In his alimony award, the judge accounted for this part of the couple’s lifestyle by including $5,000 per month as a savings component in his 11-year, limited duration alimony award.

The husband appealed, challenging the inclusion of a savings component. But the New Jersey Appellate Division affirmed the award, calling it “reasonable under the circumstances,” given how the couple’s savings were integrated into their lifestyle.

Of course, this decision only applies in New Jersey. Every state has their own alimony laws and the law could be different where you live. Consult with a local family lawyer to learn more.

Court may award ‘grandparenting’ time in some cases

Historically, grandparents had no right to demand visitation with their grandchildren in the event of the separation, divorce or death of a parent.

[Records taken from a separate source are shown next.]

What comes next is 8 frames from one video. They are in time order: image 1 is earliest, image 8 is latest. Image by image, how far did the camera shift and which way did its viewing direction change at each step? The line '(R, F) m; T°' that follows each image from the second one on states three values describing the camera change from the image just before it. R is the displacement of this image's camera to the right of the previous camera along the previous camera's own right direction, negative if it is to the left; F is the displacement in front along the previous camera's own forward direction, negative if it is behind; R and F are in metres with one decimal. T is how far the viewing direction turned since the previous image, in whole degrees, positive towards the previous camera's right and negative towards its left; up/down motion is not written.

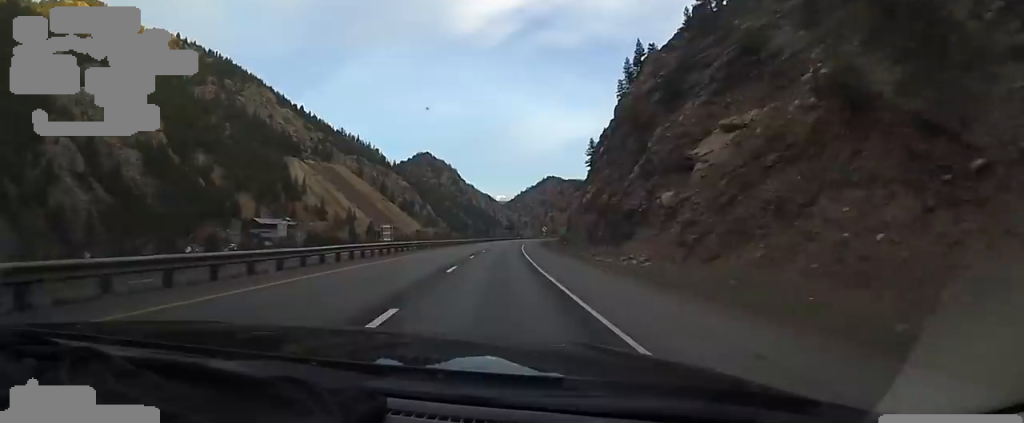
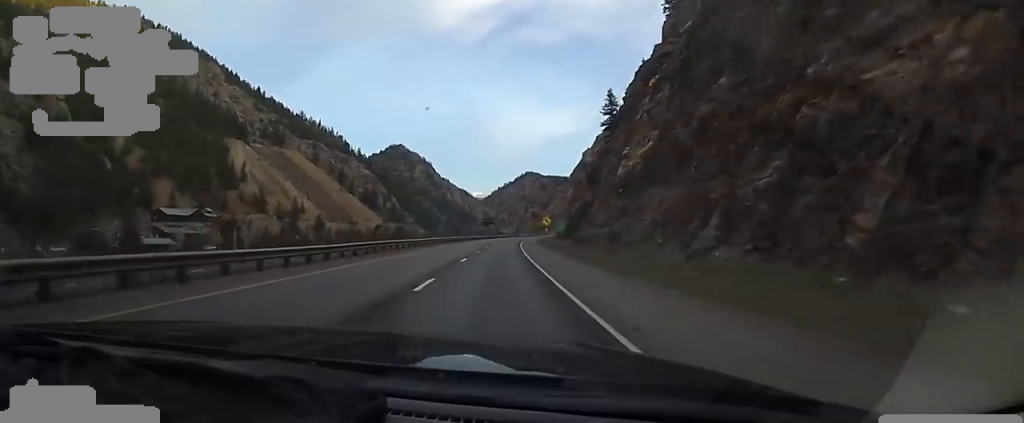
(0.0, +54.9) m; +1°
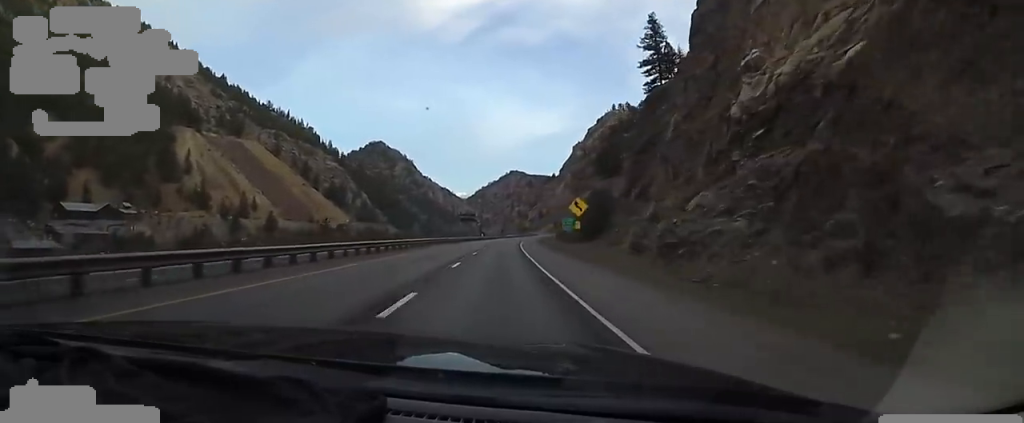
(+1.0, +40.9) m; +3°
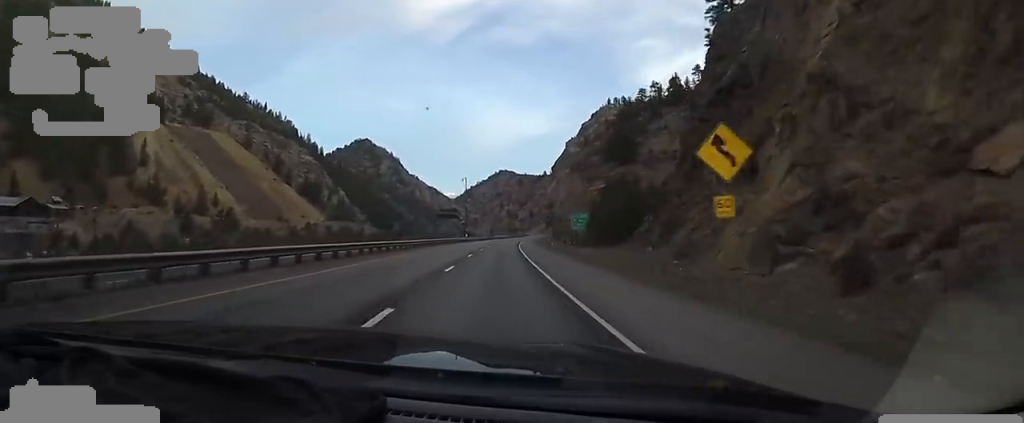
(+0.3, +26.2) m; +1°
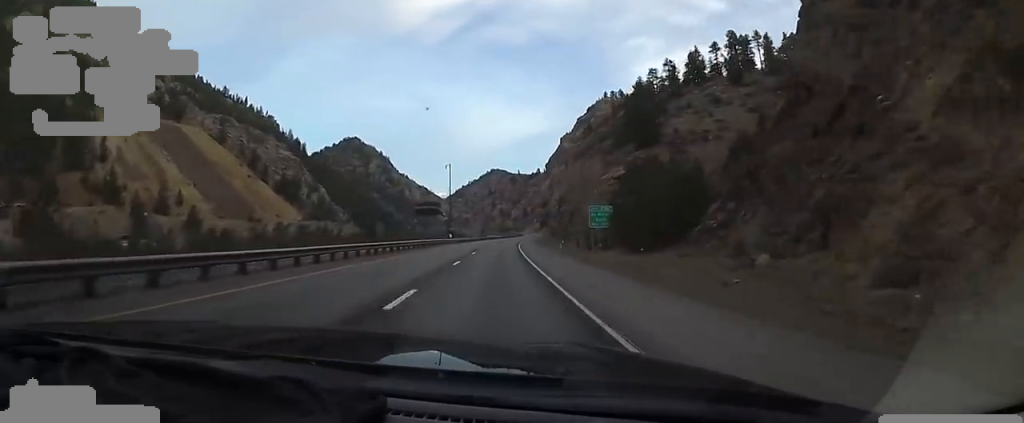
(+0.2, +20.8) m; +1°
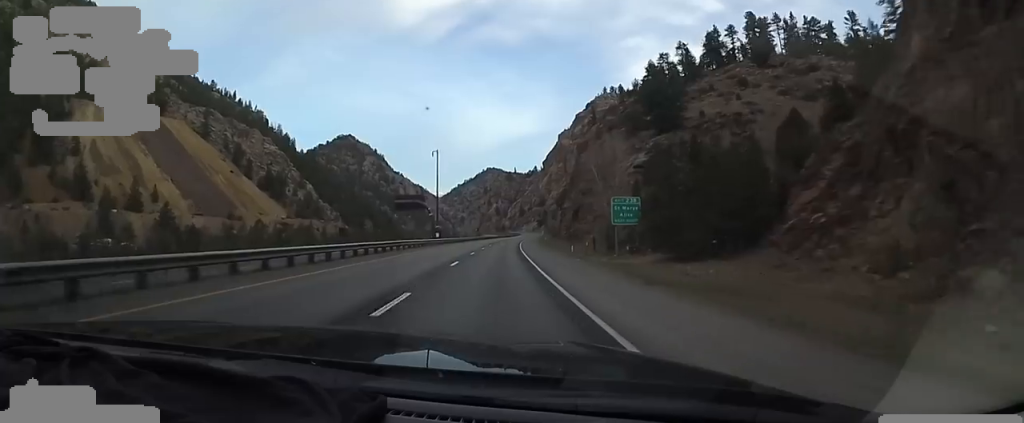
(0.0, +13.5) m; 0°
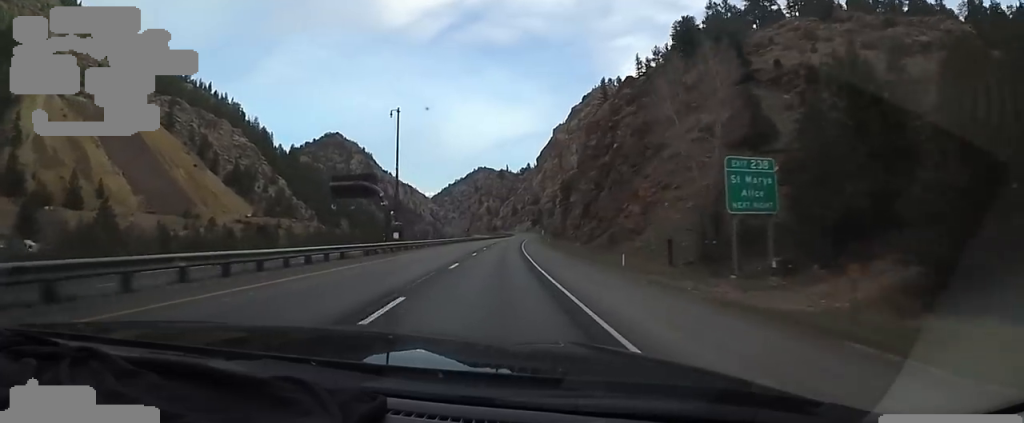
(+0.3, +25.1) m; +1°
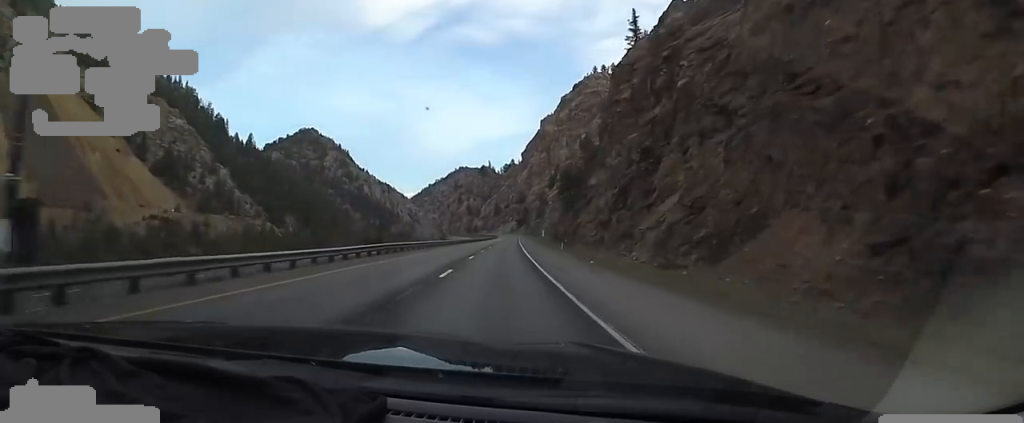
(+0.8, +40.1) m; +4°

This meant that if a parent or guardian sought to prevent their child from having further contact with grandparents after such an event, the grandparent would generally have no recourse. Today, however, every state has a grandparent visitation law that gives grandparents the right to petition for visitation. While a court is not obligated to honor the grandparents’ wishes, grandparents can and do prevail under the right circumstances.

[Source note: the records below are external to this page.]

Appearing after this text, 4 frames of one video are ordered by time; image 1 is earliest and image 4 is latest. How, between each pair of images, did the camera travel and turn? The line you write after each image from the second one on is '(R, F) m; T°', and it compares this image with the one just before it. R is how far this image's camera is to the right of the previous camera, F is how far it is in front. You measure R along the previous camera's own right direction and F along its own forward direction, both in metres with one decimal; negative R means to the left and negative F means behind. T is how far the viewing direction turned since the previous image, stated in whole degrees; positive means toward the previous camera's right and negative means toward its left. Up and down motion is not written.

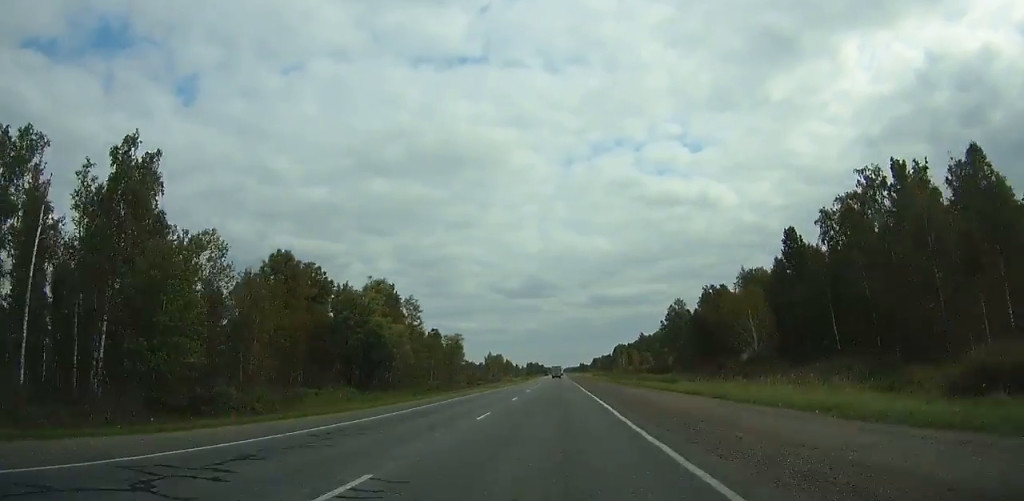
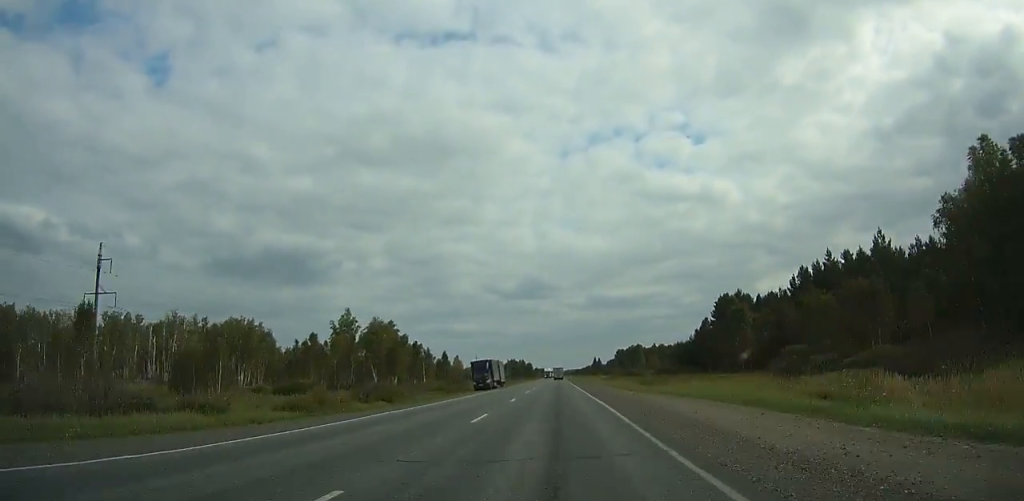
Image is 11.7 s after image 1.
(+1.3, +276.8) m; +1°
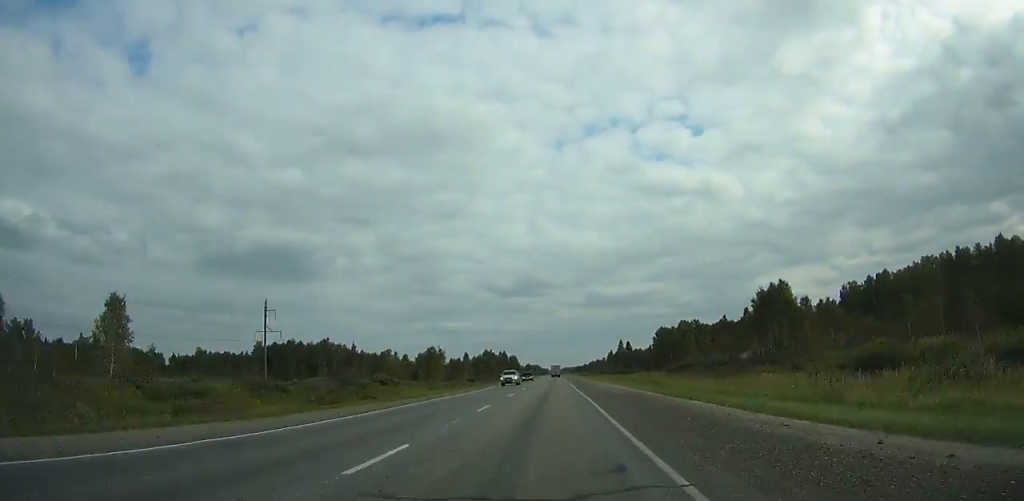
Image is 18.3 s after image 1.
(-0.8, +153.0) m; 0°
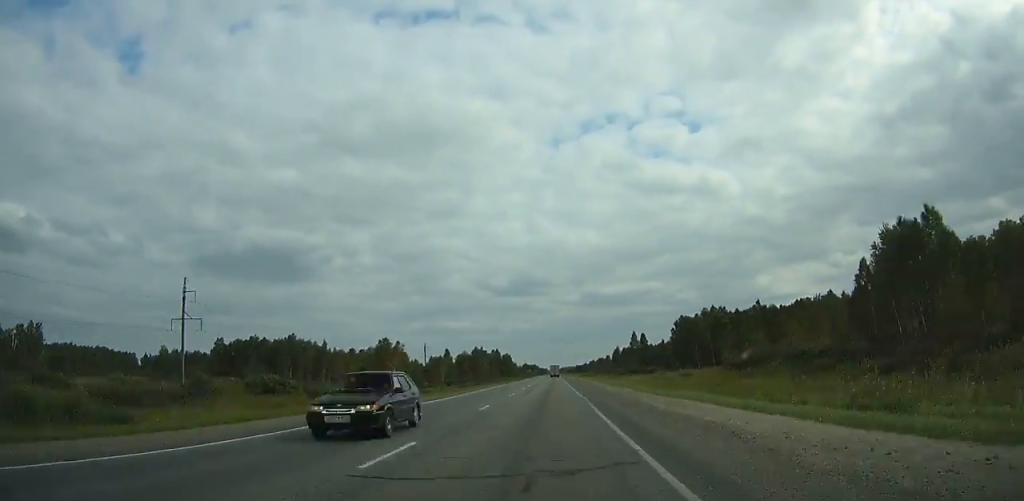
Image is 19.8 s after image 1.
(0.0, +34.8) m; 0°

Take, for example, a recent Indiana case. The mother of an 18-month old child, “J.I.,” agreed that the child’s maternal aunt could adopt her after child welfare authorities deemed the baby a “child in need of services” because of the mother’s drug problems. J.I.’s paternal grandparents intervened, petitioning for a visitation order. A trial court judge denied the petition, finding that any decision regarding grandparent visitation was up to the aunt to make.

But the Indiana Court of Appeals reversed, pointing out that no adoption had occurred yet, meaning that the aunt had no legal right to restrict visitation at that point, and that the child had already formed meaningful bonds with the grandparents and depriving her of contact with them would not be in her best interest.
Similarly, the Michigan Court of Appeals recently ruled that a deceased father’s parents were entitled to grandparenting time with his minor daughter. In that instance, the court found that the child’s mother, who was denying the grandparents access to the child, was herself an unfit parent based on her inability to provide for the child’s material and emotional needs following the father’s death. Accordingly, the court found that the immediate loss of contact with the child’s paternal grandparents posed a “substantial likelihood” of future emotional and mental harm.

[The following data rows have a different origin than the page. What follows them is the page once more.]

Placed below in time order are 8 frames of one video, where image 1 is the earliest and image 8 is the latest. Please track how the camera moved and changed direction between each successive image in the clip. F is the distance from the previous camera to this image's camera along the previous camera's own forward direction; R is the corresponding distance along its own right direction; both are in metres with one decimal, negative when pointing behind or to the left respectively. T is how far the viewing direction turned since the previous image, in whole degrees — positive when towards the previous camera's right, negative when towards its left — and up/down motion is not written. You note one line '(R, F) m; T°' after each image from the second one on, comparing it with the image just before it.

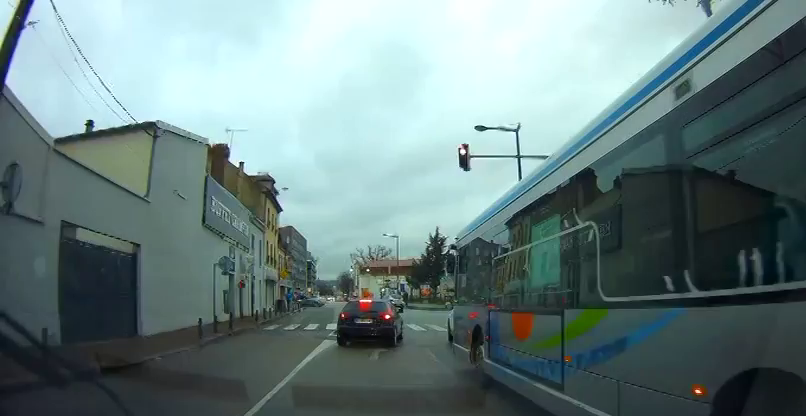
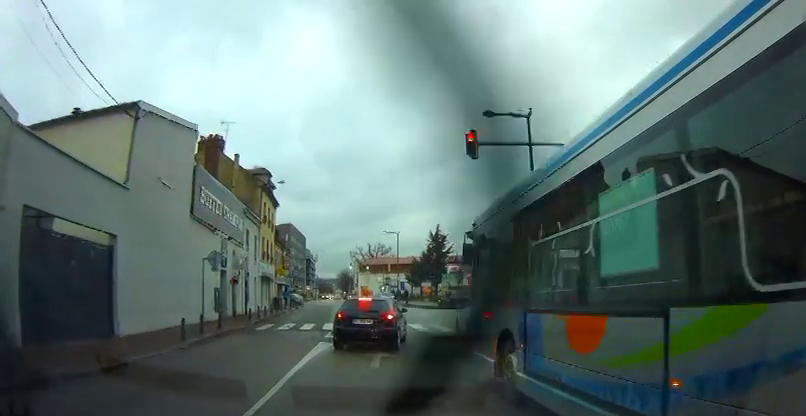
(0.0, +1.8) m; 0°
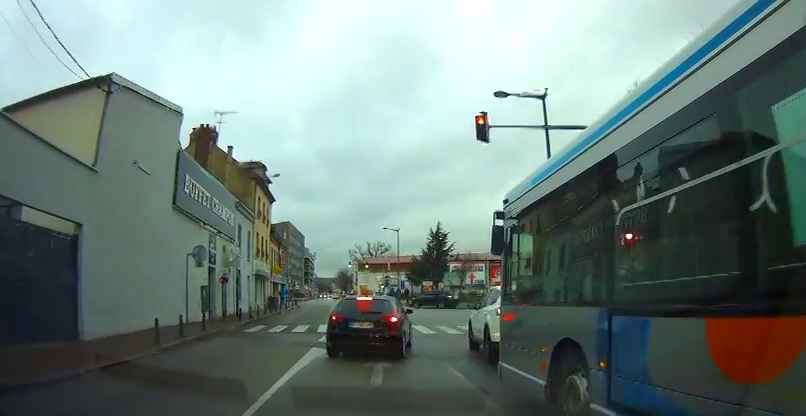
(0.0, +2.4) m; 0°
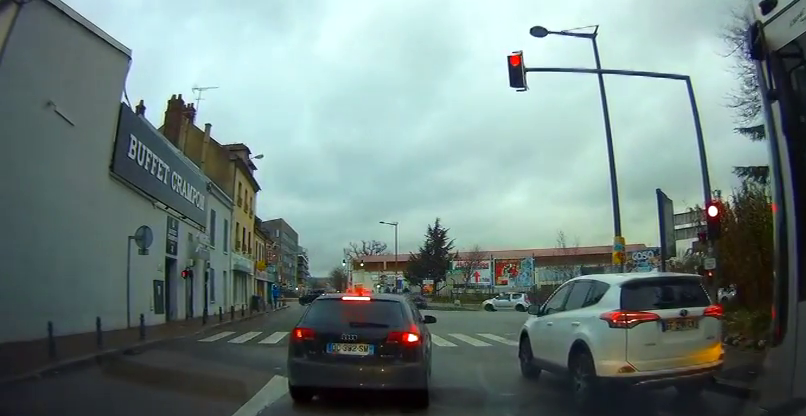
(-0.1, +8.8) m; -1°
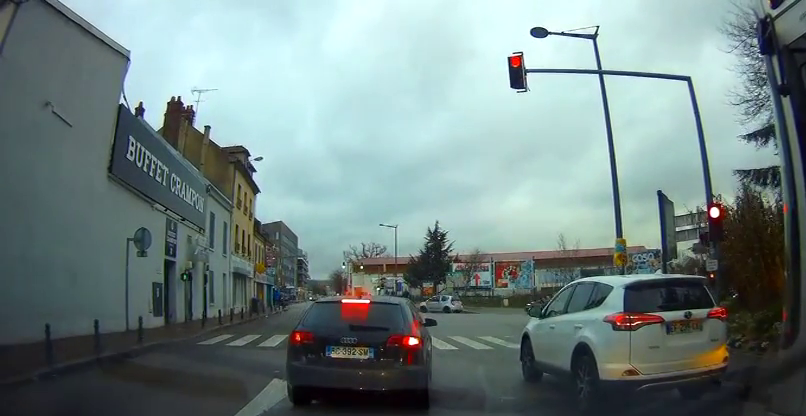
(0.0, +1.0) m; 0°
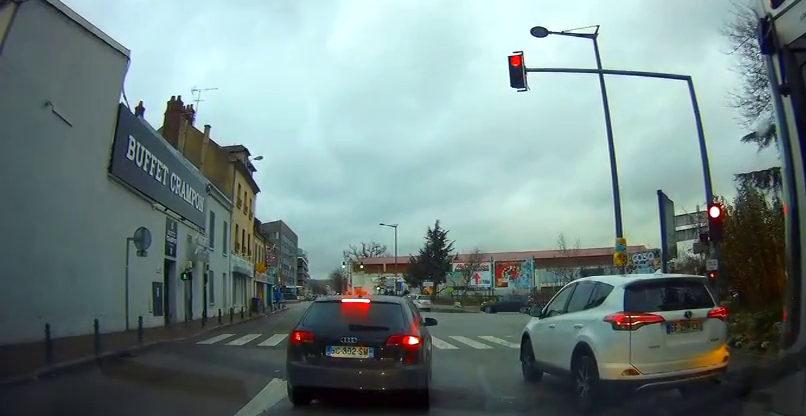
(0.0, +0.2) m; 0°
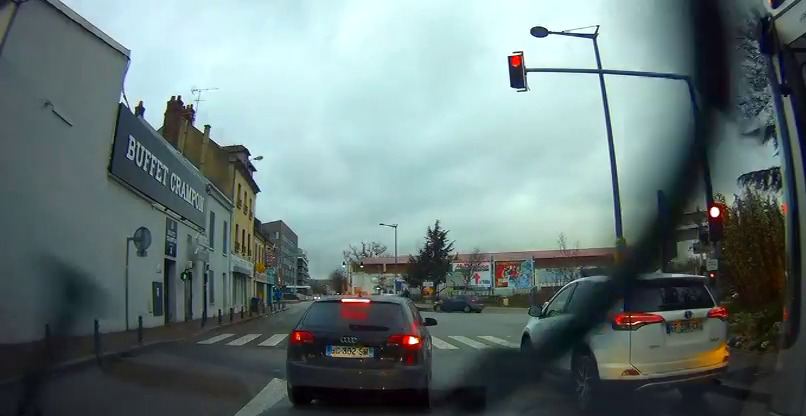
(0.0, 0.0) m; 0°
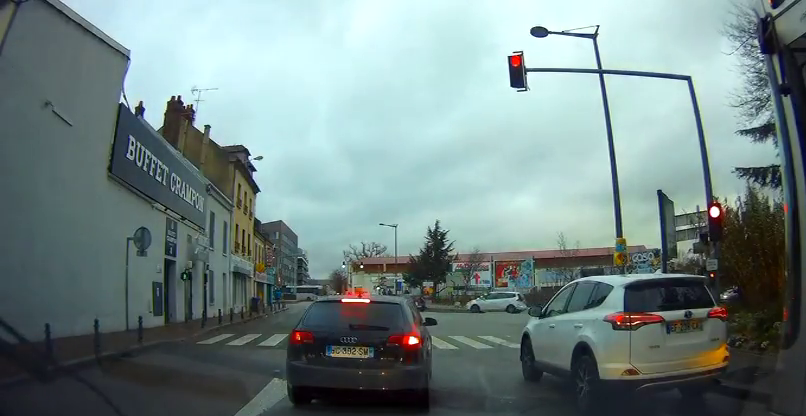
(0.0, 0.0) m; 0°

Dogs and divorces: Do you need a ‘petnup’?

Pet custody can become as contentious in a divorce as the custody of children. That’s why in some states, like Alaska, California and Illinois, courts consider the pet’s best interests, similar to how they resolve child custody issues. In most states, however, pets are considered property, which means a divorce judge may well decide who gets the family dog the same way he or she decides who gets the house, the car, the living room sofa, the wedding china or any other asset that’s part of the marital estate.

But a dog or cat has physical and emotional needs that a pool table or patio set doesn’t have, so you may not want to risk your pet being equitably distributed like an inanimate object. To address this concern, “petnup” agreements between partners or spouses that lay out what happens if the couple breaks up have become increasingly popular.

The key consideration in a petnup is custody. Joint custody seems like it would make sense if both spouses are equally close to the pet. But many pet experts say this isn’t a great idea since the instability of shuttling between homes can cause behavioral issues in animals. Instead, primary custody with one spouse with visitation rights for the other might be a better option.

Another consideration in creating a petnup is whether you have kids and if they’re attached to the pet. If so, it may be in the kids’ own best interest for the pet to reside in the place of primary physical custody.

Either way, you shouldn’t draft a petnup on your own. If the pet truly matters, you should make sure the agreement is written in a way that will carry out your wishes and hold up in court. A family law attorney can help you with that.